Planning on choosing an organic diet for your little ones? Keep this in mind.
WORDS STEFFI TAN
For Bibi Chia, principal dietitian at the Raffles Diabetes & Endocrine Centre personally, she feels that one of the biggest barriers for parents when opting to place organic foods over non-organic items into the grocery list would be their slightly higher prices, which reflects the cost of growing organic food (the growing process requires intensive labour and management as opposed to the use of chemicals). Not everyone can afford to go down this route.
The switch to organic does not have to be a 100 per cent one to profit from the benefits that an organic diet proffers. If necessary to pick and choose only parts of the meal to be organic, there are then certain foods that should be of higher priority on the switch list.
Suzanne Khor, a senior dietitian in private practice, offers up this simple guide for parents: If conventional methods of farming or processing a particular food item require more chemicals, then replace that particular food item with an organically-grown equivalent. Vice versa, there are some foods that do not use much pesticides or chemicals in their production process, and the non-organic version of these foods will work just fine.
For example, all three of our experts refer to lists by the United States Department of Agriculture’s Environmental Working Group (EWG). According to Chia, the EWG releases two lists every year:
The Dirty Dozen
They are 12 foods containing the highest level of pesticides. The top five in this year’s list are apples, peaches, strawberries, nectarines, and celery.
The Clean Fifteen
They are 15 foods that have the lowest pesticide levels. The top five in this year’s list are avocados, sweet corn, pineapples, cabbage, and frozen sweet peas.

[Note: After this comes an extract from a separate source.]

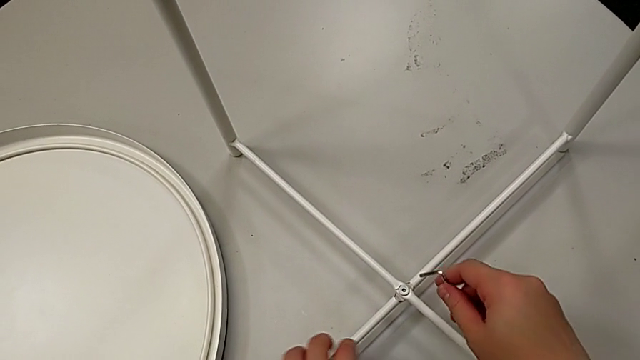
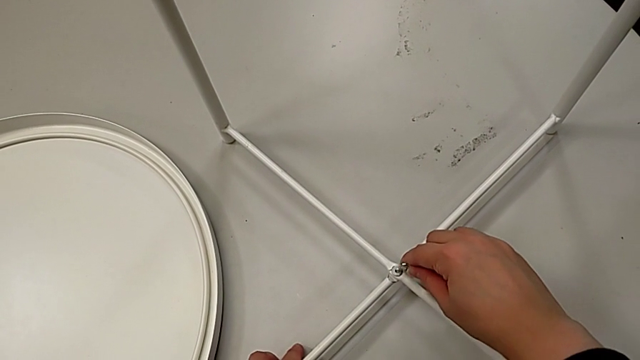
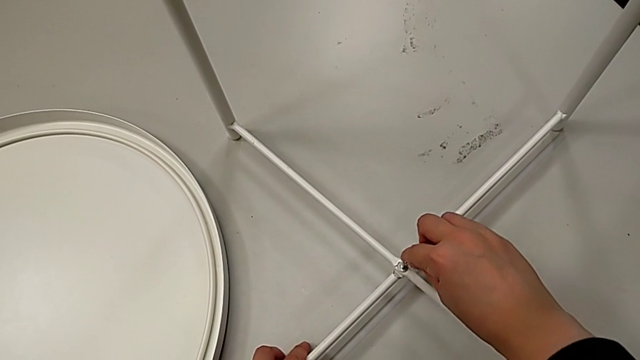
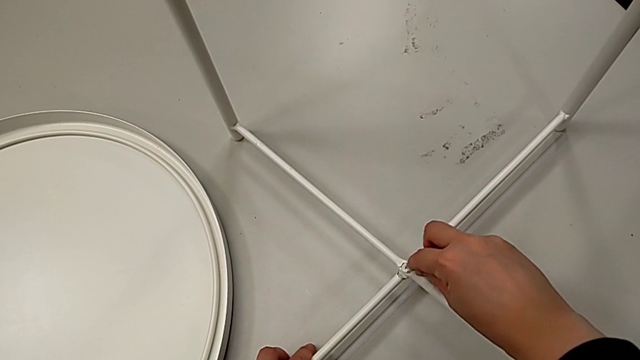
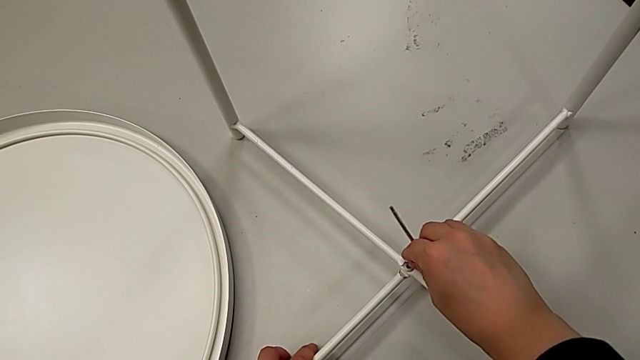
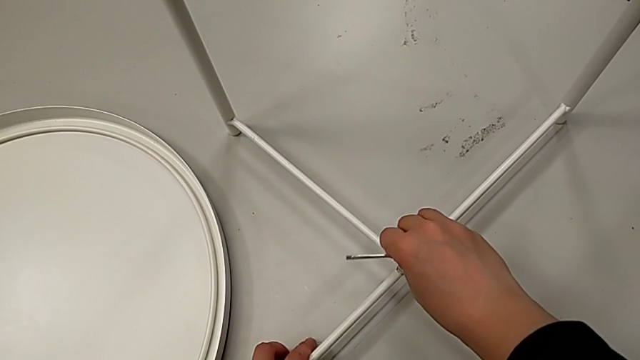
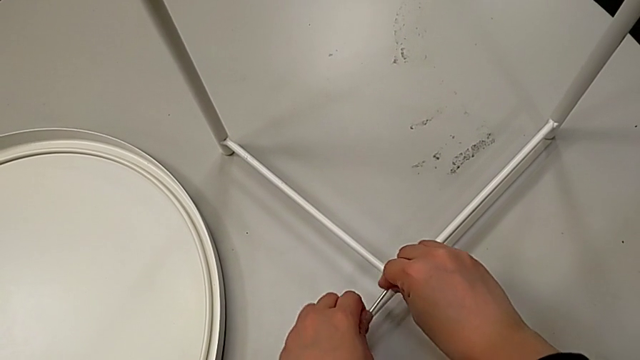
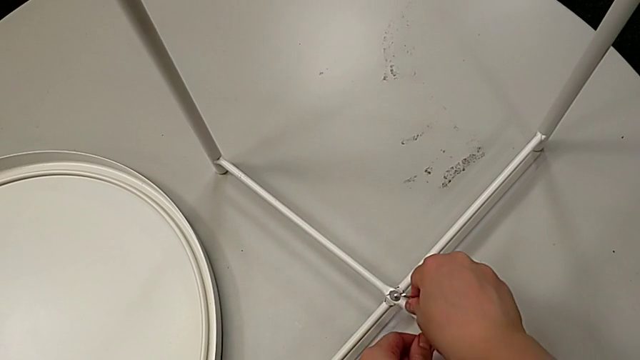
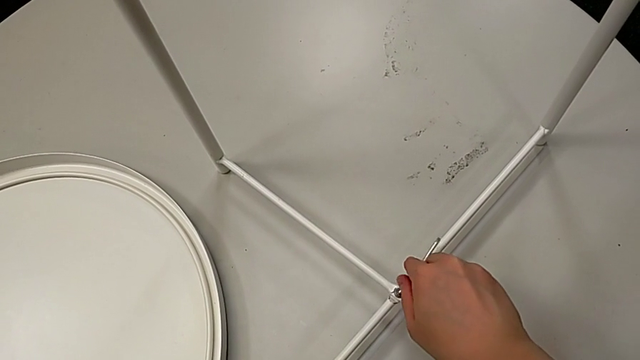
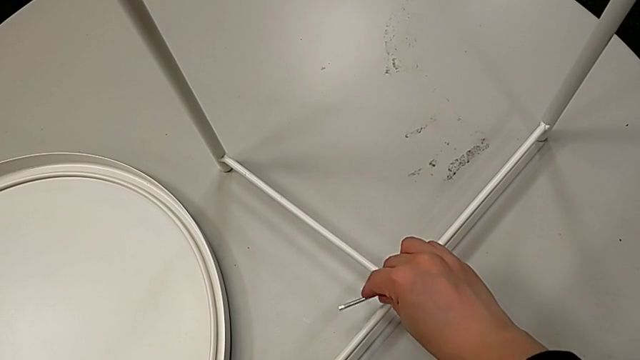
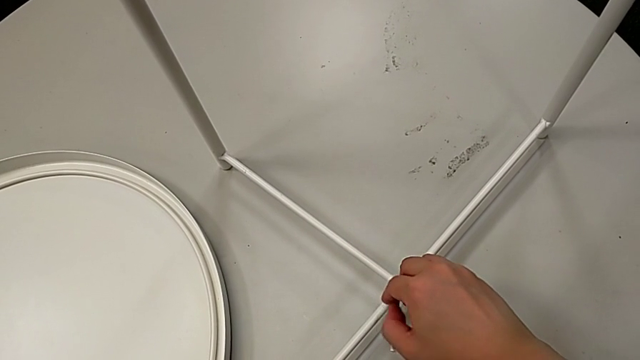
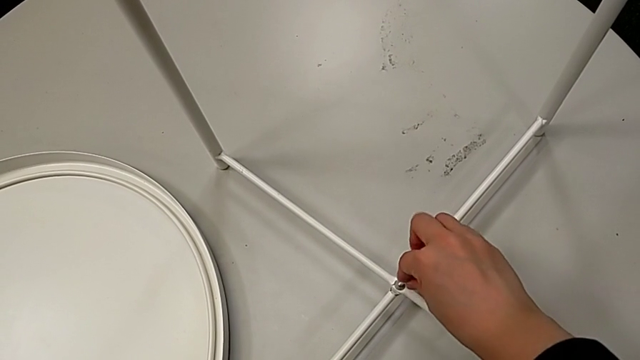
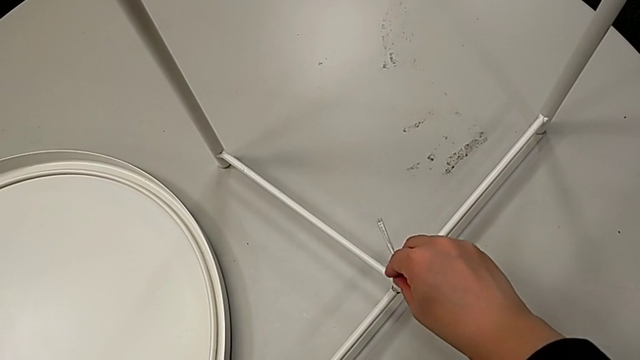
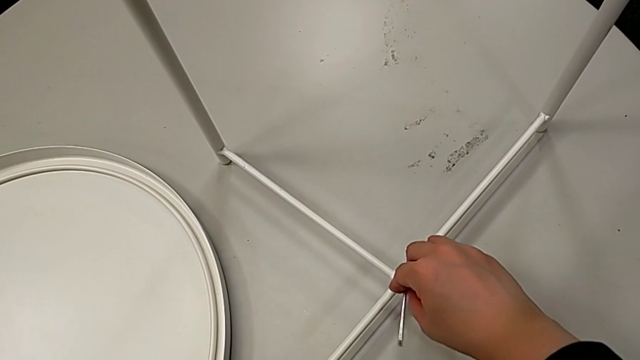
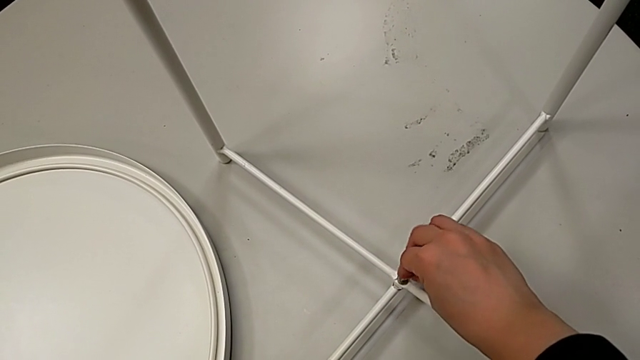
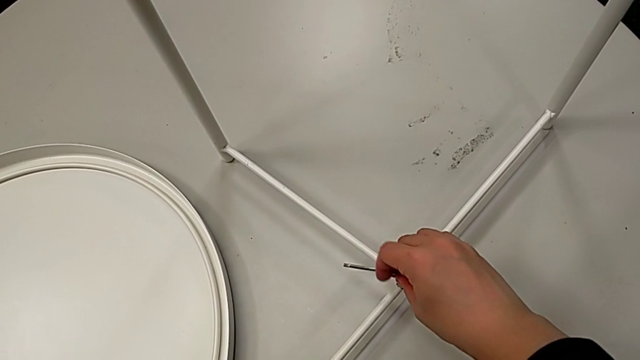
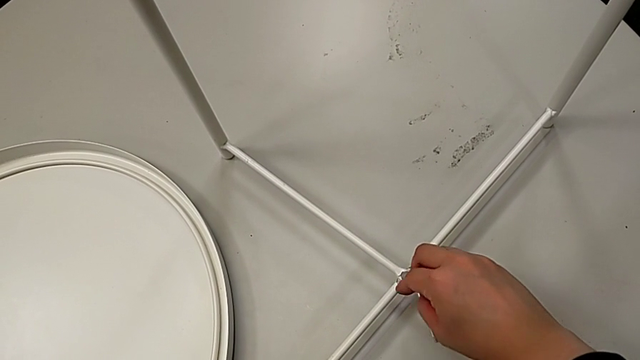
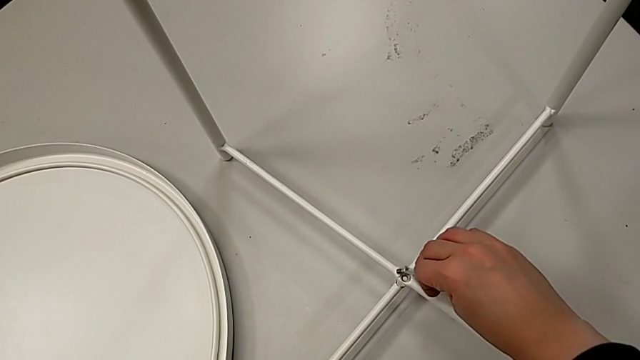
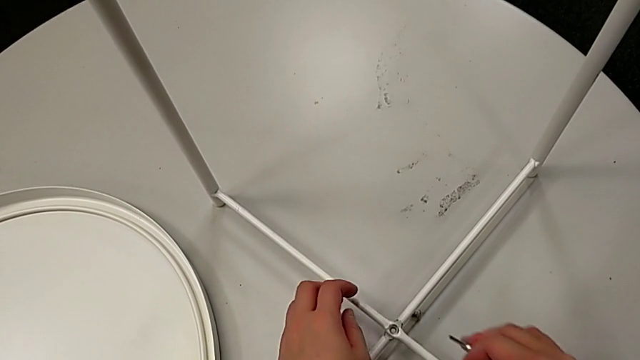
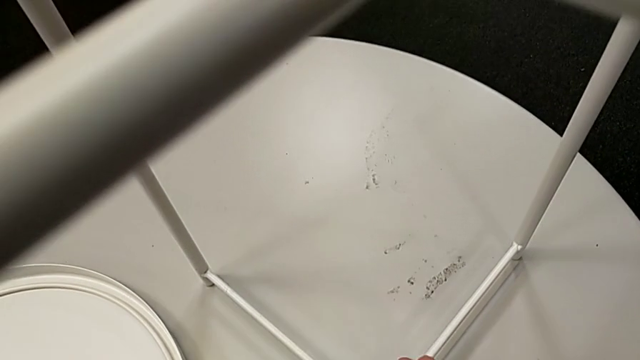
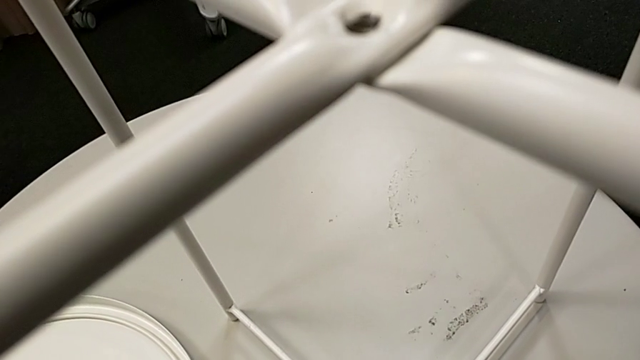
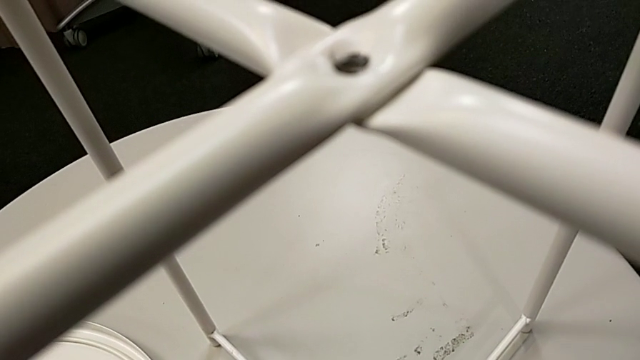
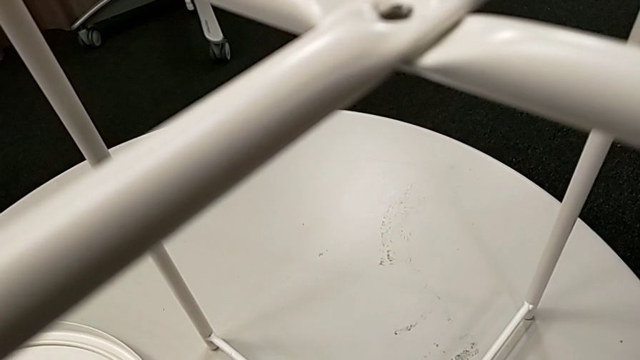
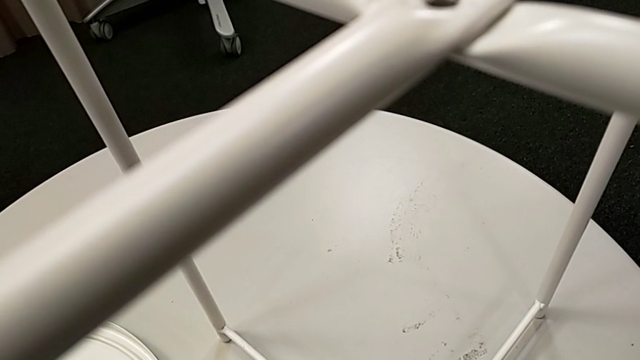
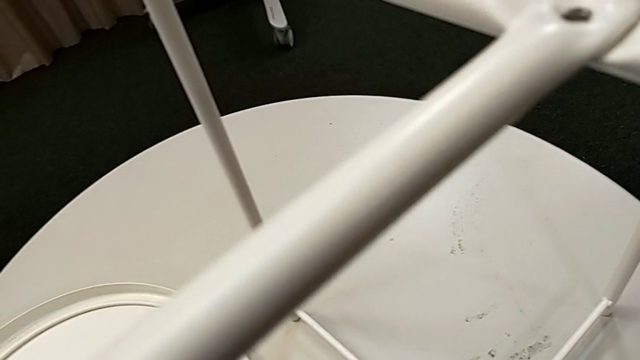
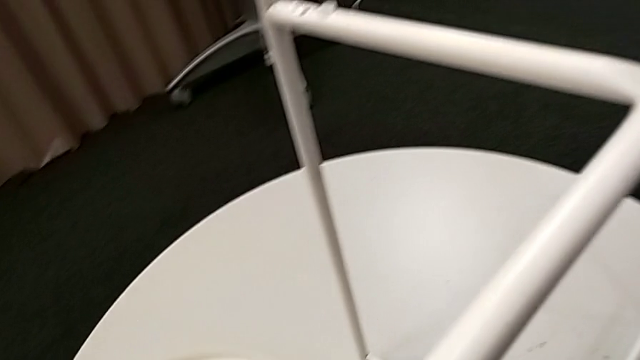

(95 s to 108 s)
The camera wearer is unscrewing the hex socket head from the legs. They insert the Allen wrench, unscrew the hex socket head, wrongly drop it, withdraw the Allen wrench with the right hand, grab the hex socket head and place it.

Fruits and vegetables included in ‘The Dirty Dozen’ are worth eating organic while fruits and vegetables in ‘The Clean Fifteen’ are items where going organic is not entirely necessary, further explains Vanessa McNamara, founder and lead dietitian at The Travelling Dietitian. She says that choosing organic versions of ‘The Dirty Dozen’ fruits and vegetables would be beneficial to the child’s health.
Overall, McNamara believes that the benefits of eating an abundance of fruit and vegetables far outweigh the risk of being exposed to pesticides. If the budget is an issue, she would prefer that parents ensure that their child eats a larger amount of non-organic fruit and vegetables, as opposed to a smaller amount of organic ones.
A further note would be to purchase organic versions of foods that your child consumes in great quantity. Even if each individual piece meets the government-stipulated pesticide level for non-organic foods, the total level of exposure to pesticides from this particular food item would still be high. It would thus be good to switch out this food product for its organic counterpart.